Data items

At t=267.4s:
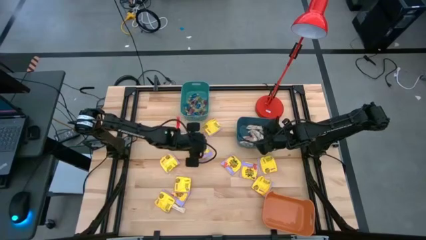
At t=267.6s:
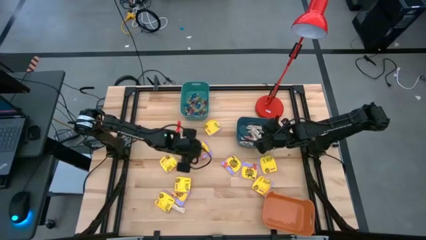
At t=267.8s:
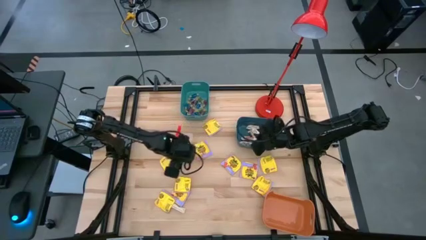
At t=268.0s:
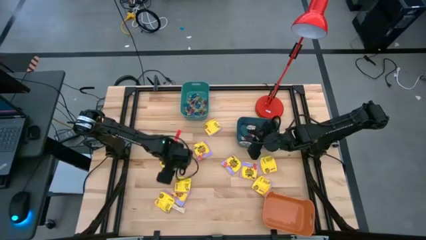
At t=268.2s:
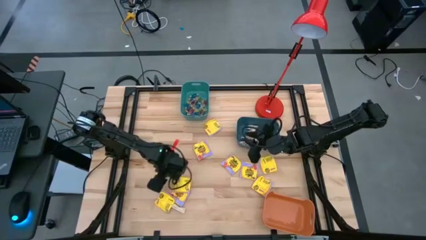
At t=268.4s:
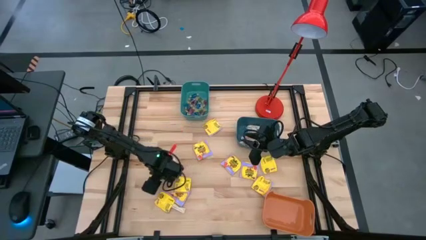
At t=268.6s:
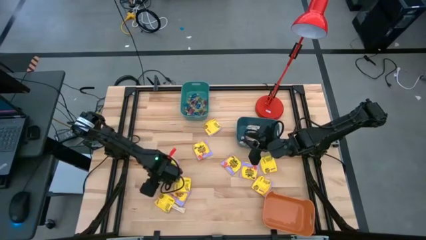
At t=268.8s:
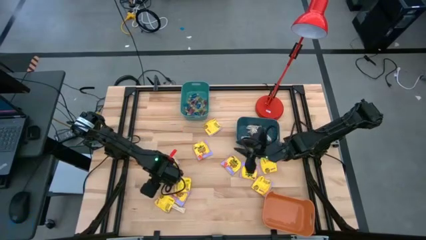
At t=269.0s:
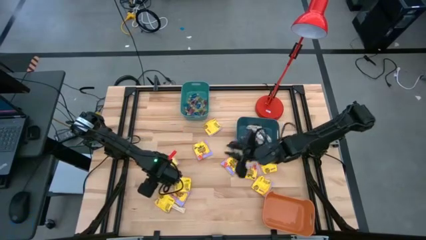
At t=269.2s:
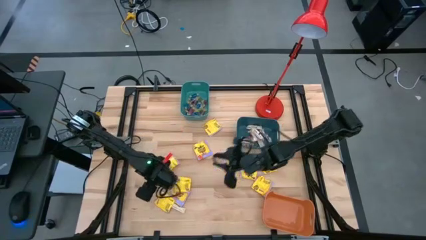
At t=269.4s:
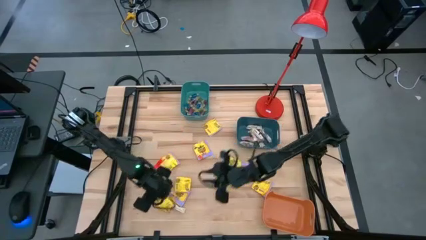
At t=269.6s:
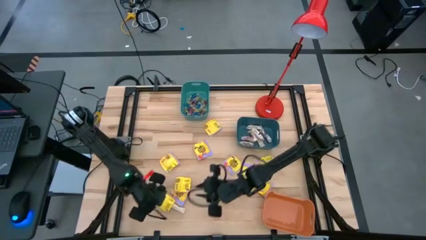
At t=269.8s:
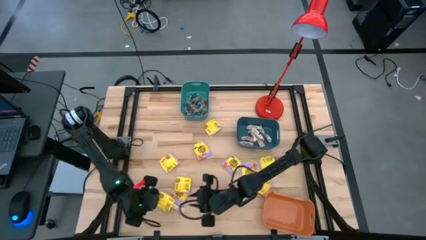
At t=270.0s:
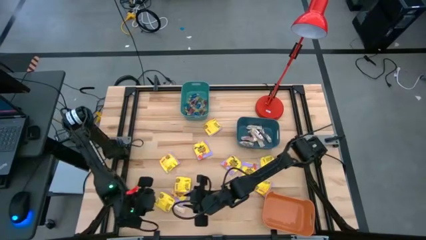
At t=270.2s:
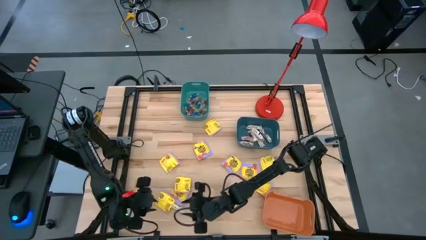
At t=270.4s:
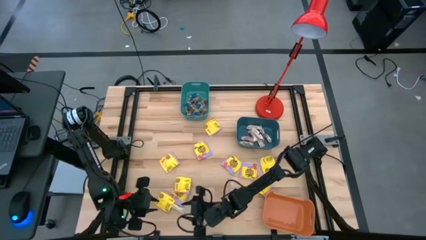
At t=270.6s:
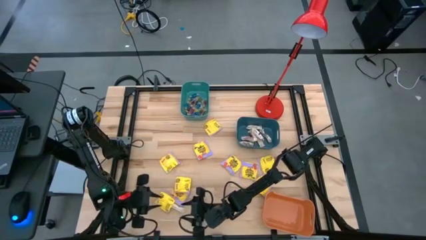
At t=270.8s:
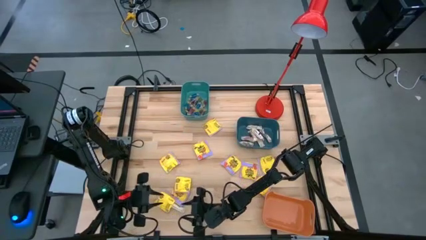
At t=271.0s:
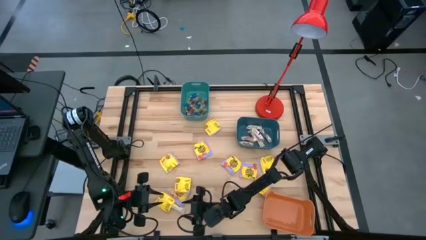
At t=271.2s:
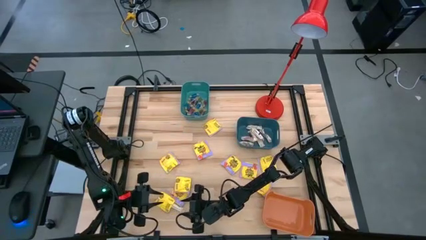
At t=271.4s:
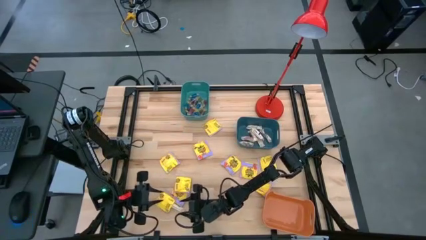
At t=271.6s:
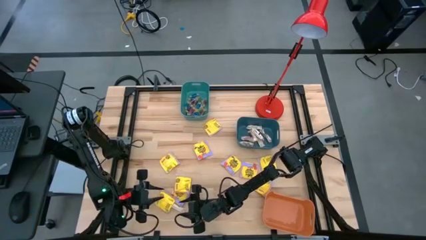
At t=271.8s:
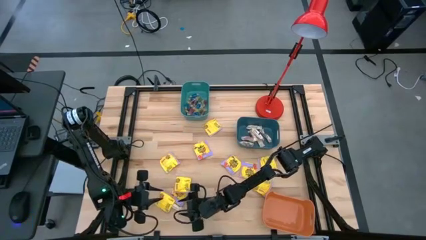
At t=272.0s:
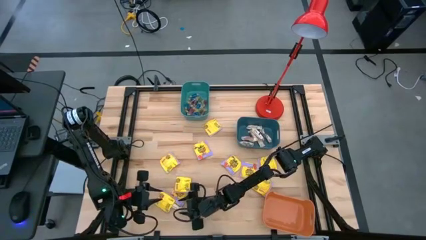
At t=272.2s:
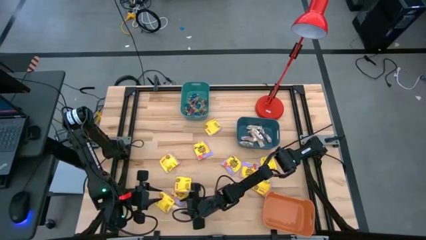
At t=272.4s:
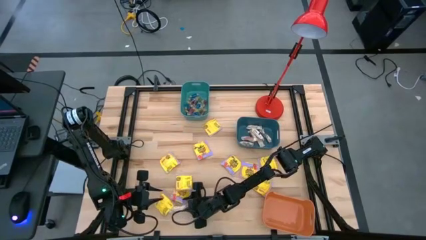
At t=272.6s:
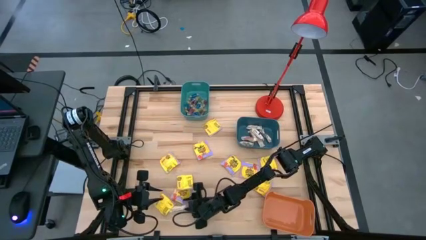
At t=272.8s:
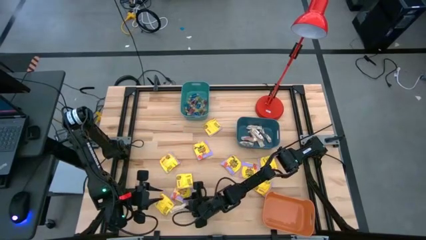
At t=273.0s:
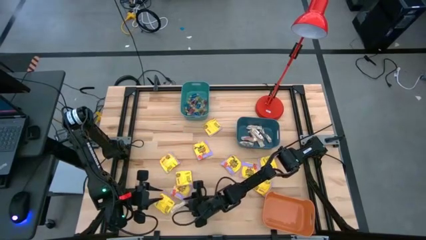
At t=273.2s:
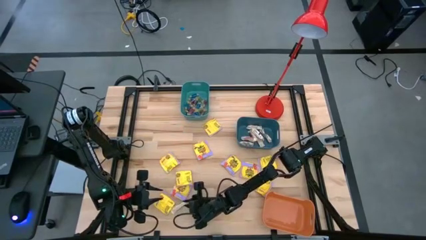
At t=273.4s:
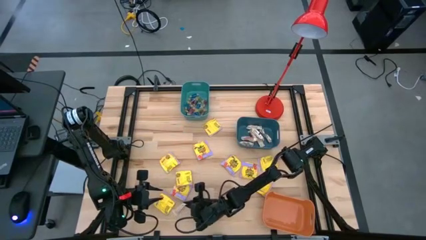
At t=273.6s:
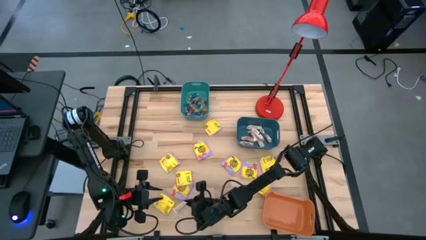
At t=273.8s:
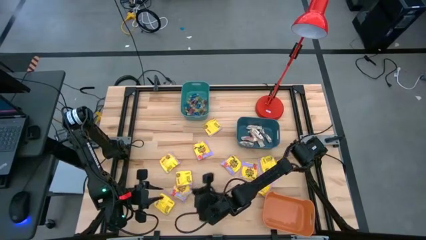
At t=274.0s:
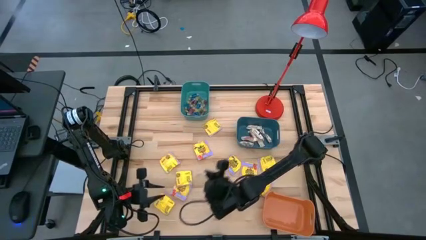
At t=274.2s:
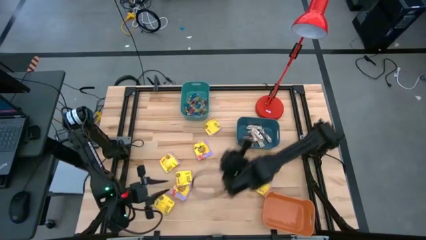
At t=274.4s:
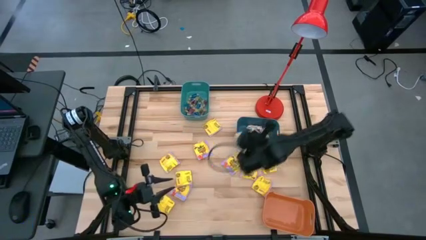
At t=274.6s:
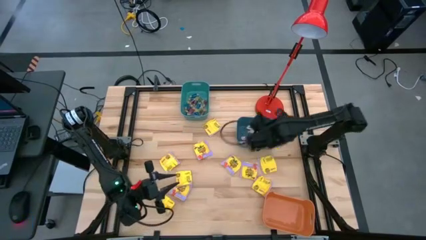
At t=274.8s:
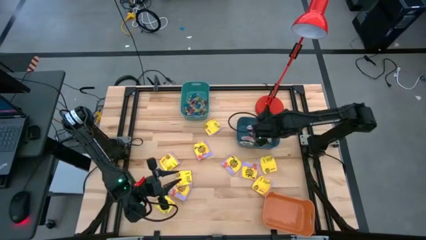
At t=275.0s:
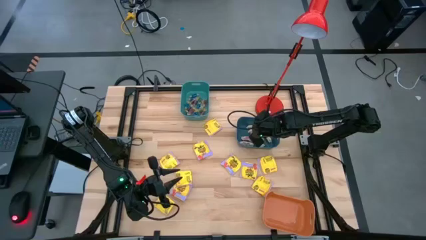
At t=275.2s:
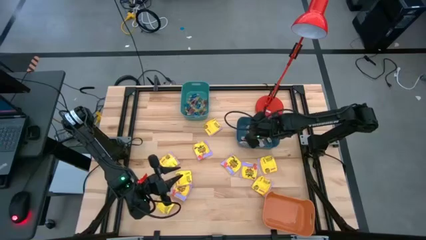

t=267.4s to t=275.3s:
Put the white chocolate bar into the blue bin

**DIRECTIONS FOR THIS TASK:** What is needed here is an exact copy of every record, with the pictures left out.

**SOLUTION:**
At t=267.4s:
At t=267.6s:
At t=267.8s:
At t=268.0s:
At t=268.2s:
At t=268.4s:
At t=268.6s:
At t=268.8s:
At t=269.0s:
At t=269.2s:
At t=269.4s:
At t=269.6s:
At t=269.8s:
At t=270.0s:
At t=270.2s:
At t=270.4s:
At t=270.6s:
At t=270.8s:
At t=271.0s:
At t=271.2s:
At t=271.4s:
At t=271.6s:
At t=271.8s:
At t=272.0s:
At t=272.2s:
At t=272.4s:
At t=272.6s:
At t=272.8s:
At t=273.0s:
At t=273.2s:
At t=273.4s:
At t=273.6s:
At t=273.8s:
At t=274.0s:
At t=274.2s:
At t=274.4s:
At t=274.6s:
At t=274.8s:
At t=275.0s:
At t=275.2s:

t=267.4s to t=275.3s:
Put the white chocolate bar into the blue bin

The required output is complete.